[Directions]
Your task is to repeat the entries underneath exactly, minus the pictures.

Study material START

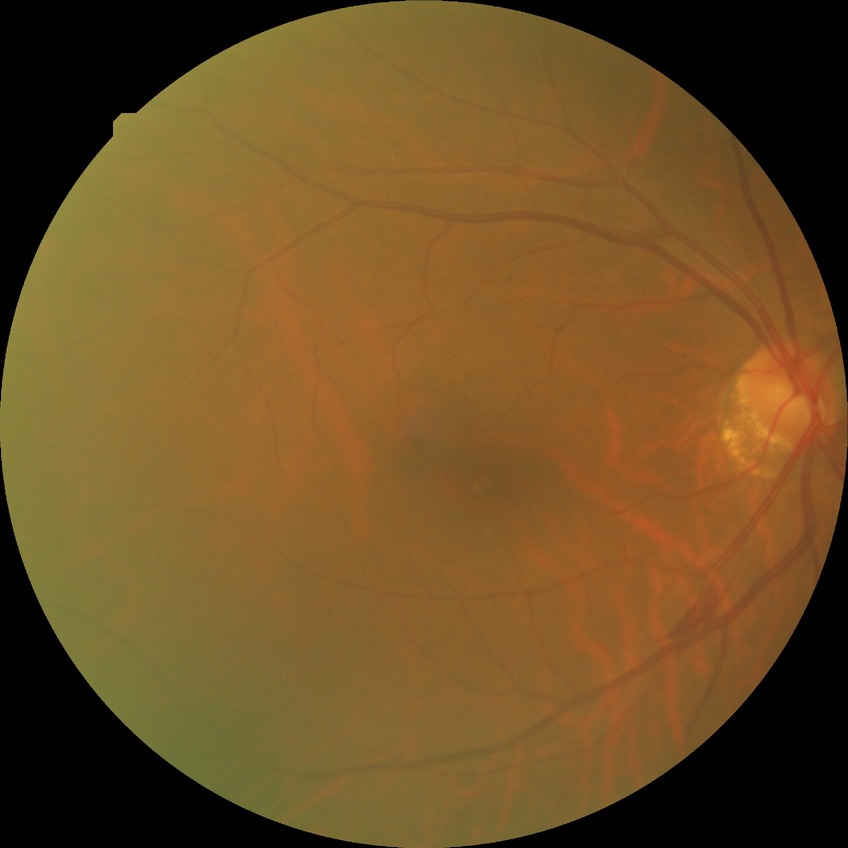
Diabetic retinopathy (DR) is simple diabetic retinopathy (SDR).
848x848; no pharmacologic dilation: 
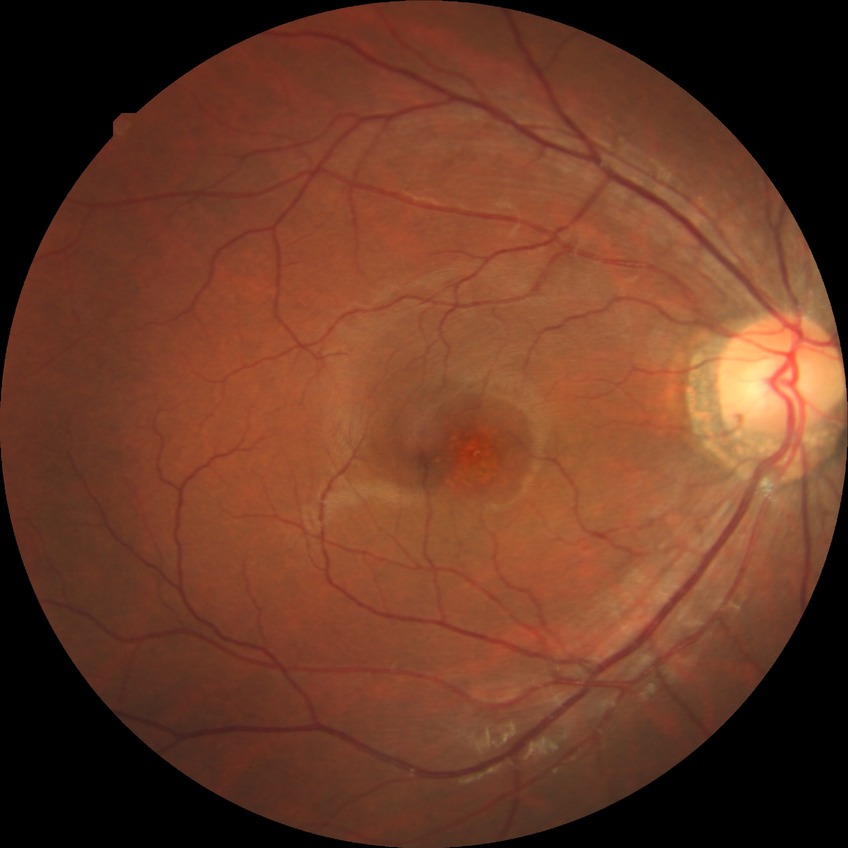
Diabetic retinopathy (DR): NDR (no diabetic retinopathy).
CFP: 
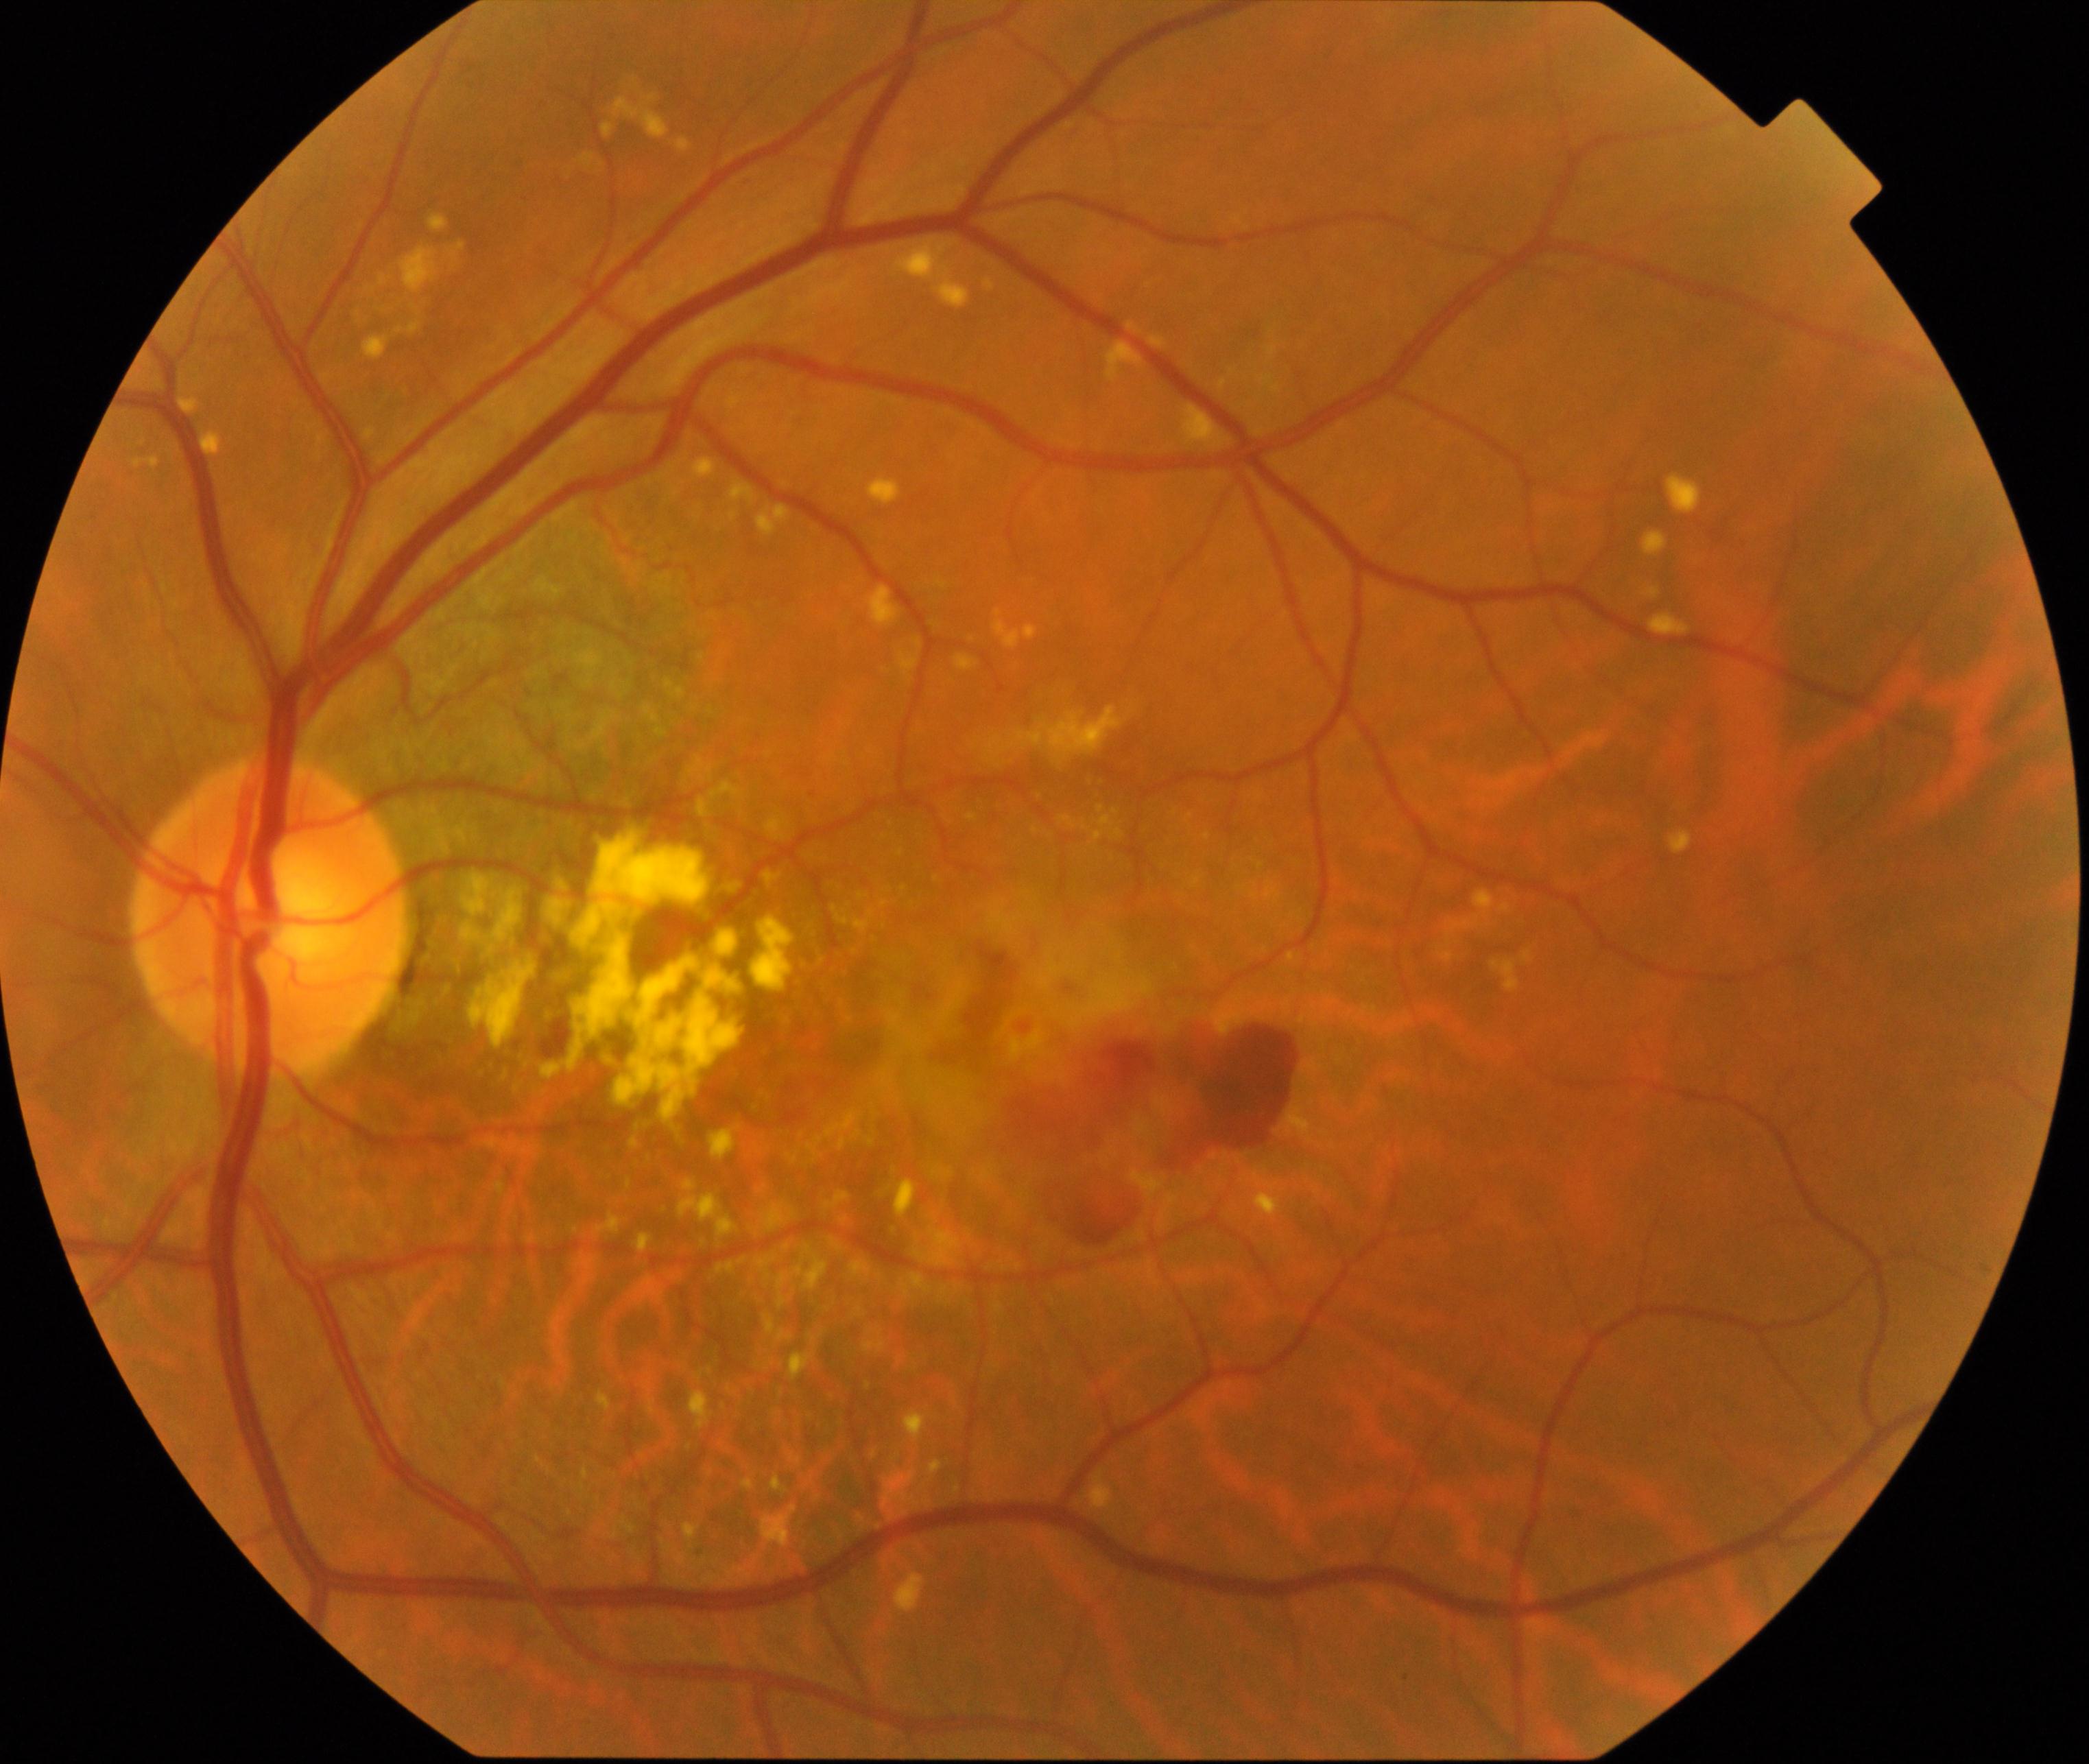
Diagnosis: maculopathy.
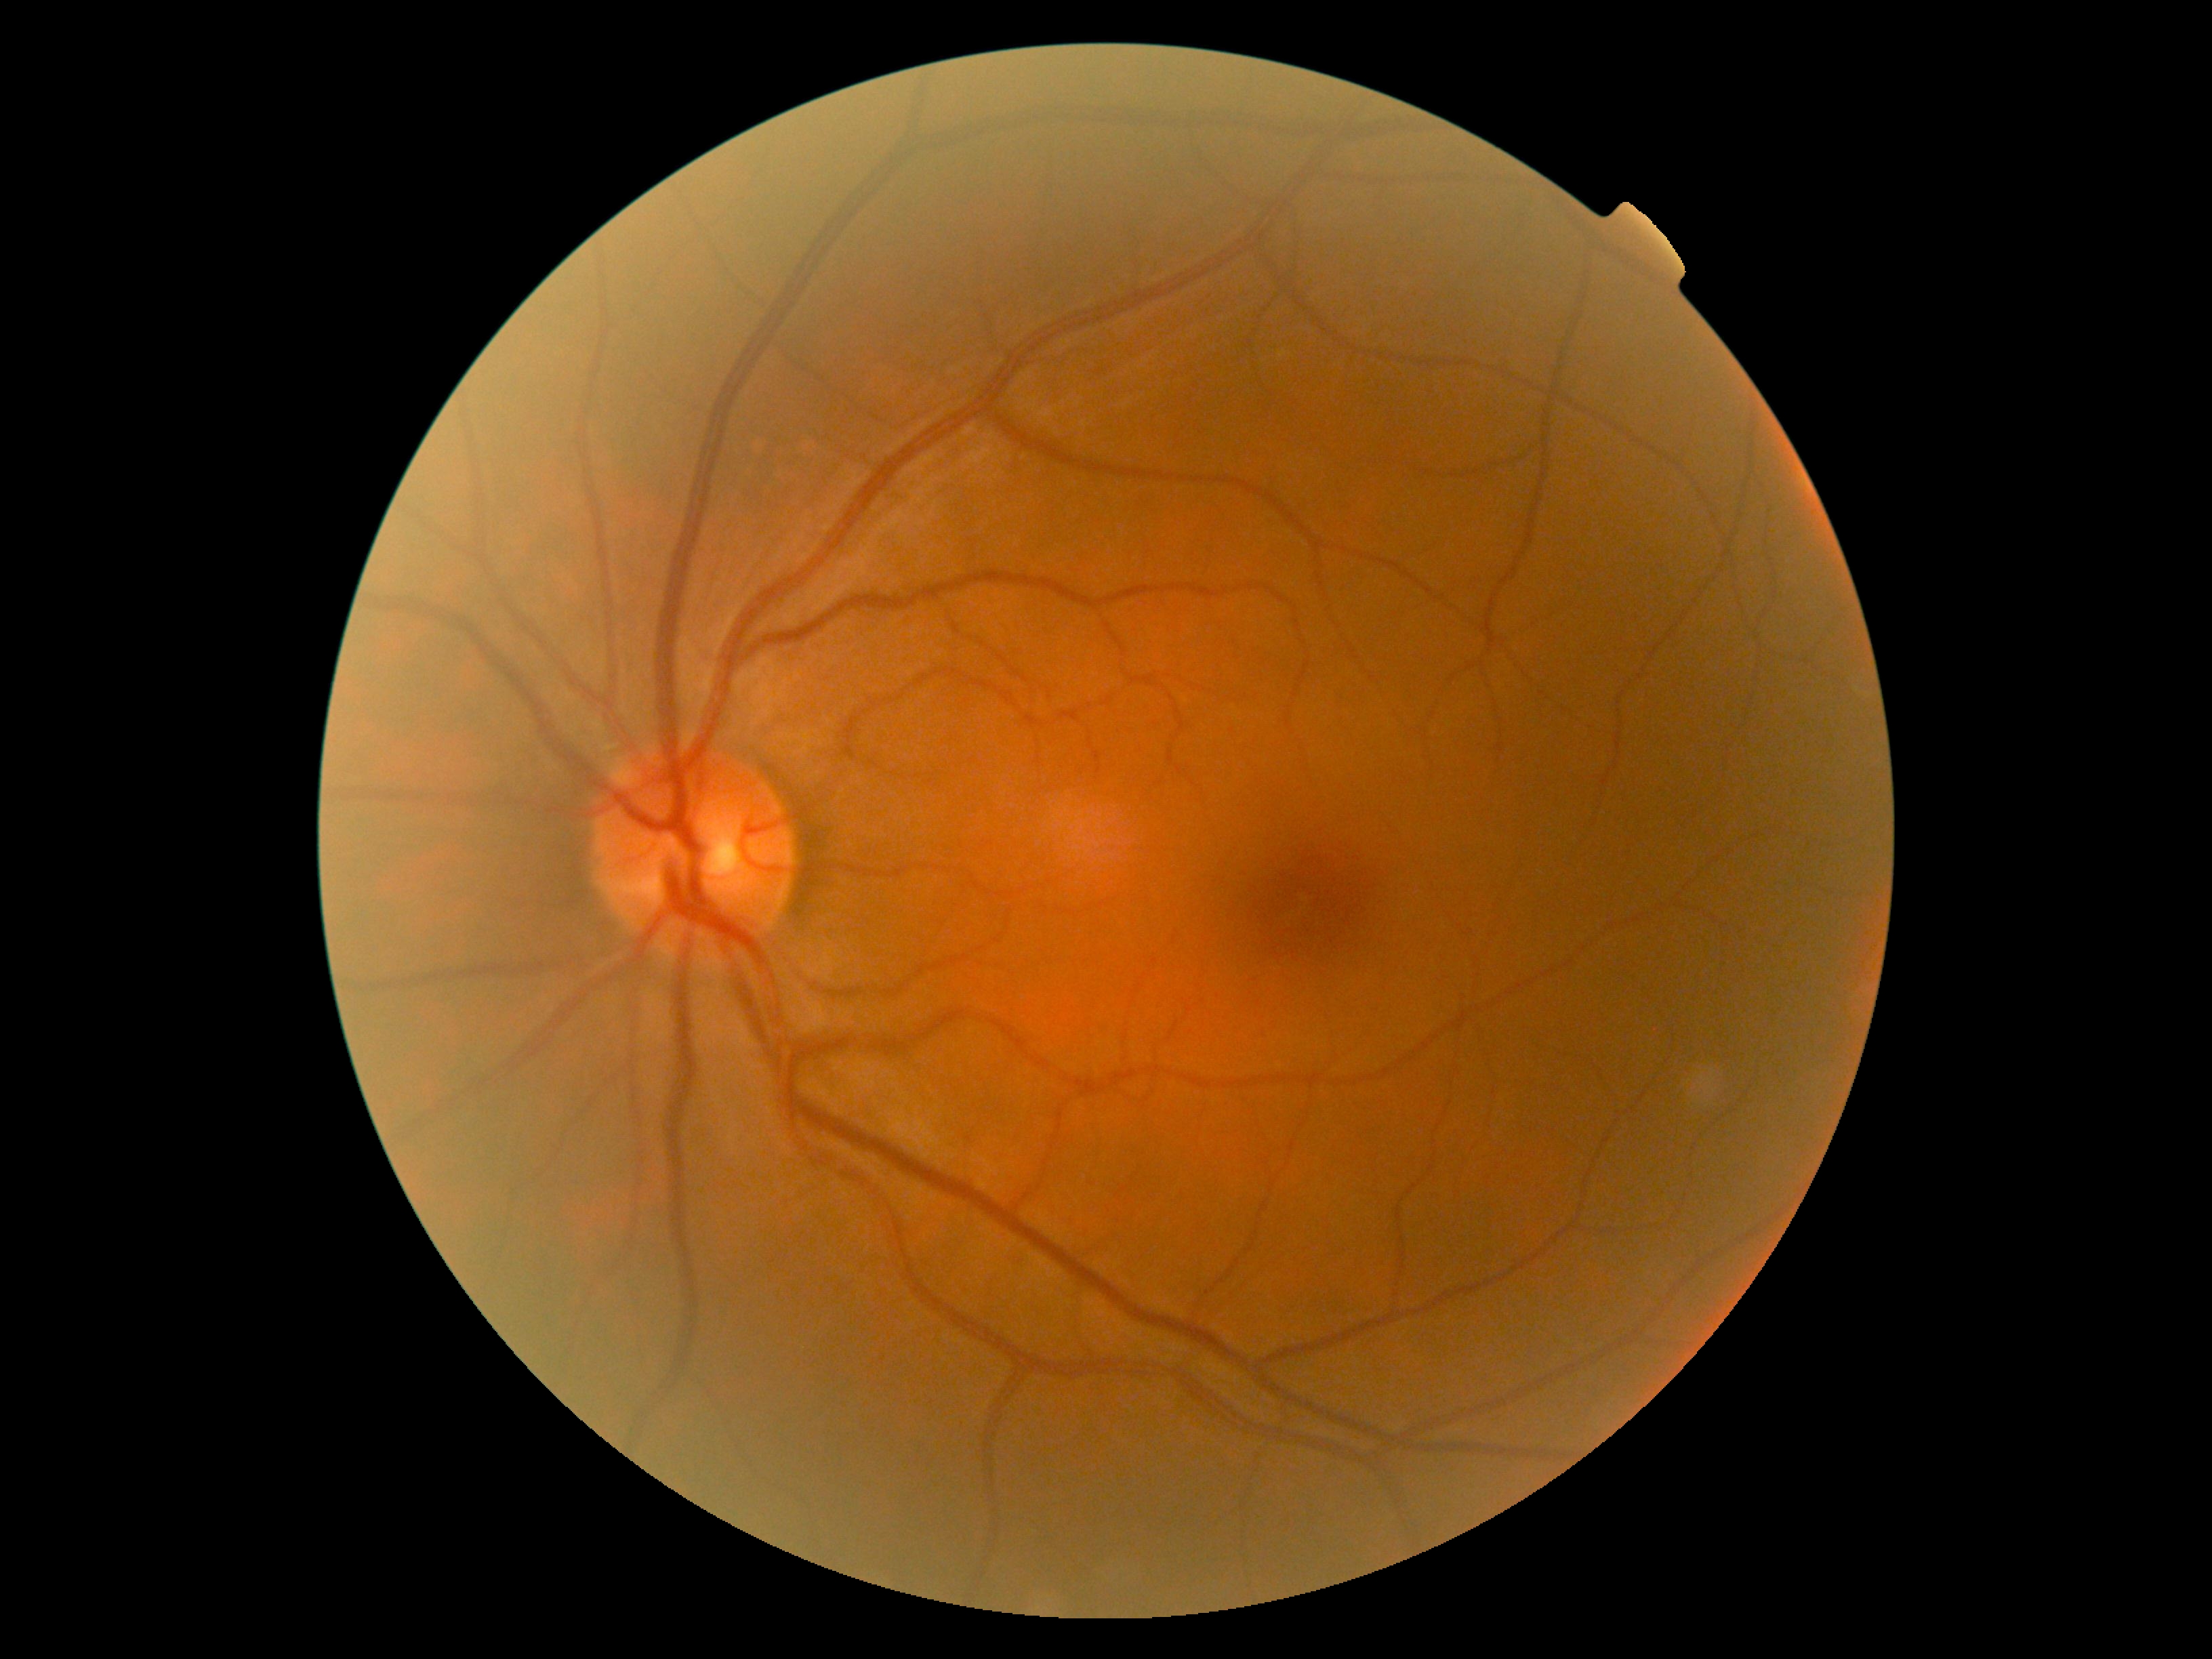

Study material END

[Final answer]
Diabetic retinopathy (DR) is simple diabetic retinopathy (SDR).
848x848; no pharmacologic dilation: 
Diabetic retinopathy (DR): NDR (no diabetic retinopathy).
CFP: 
Diagnosis: maculopathy.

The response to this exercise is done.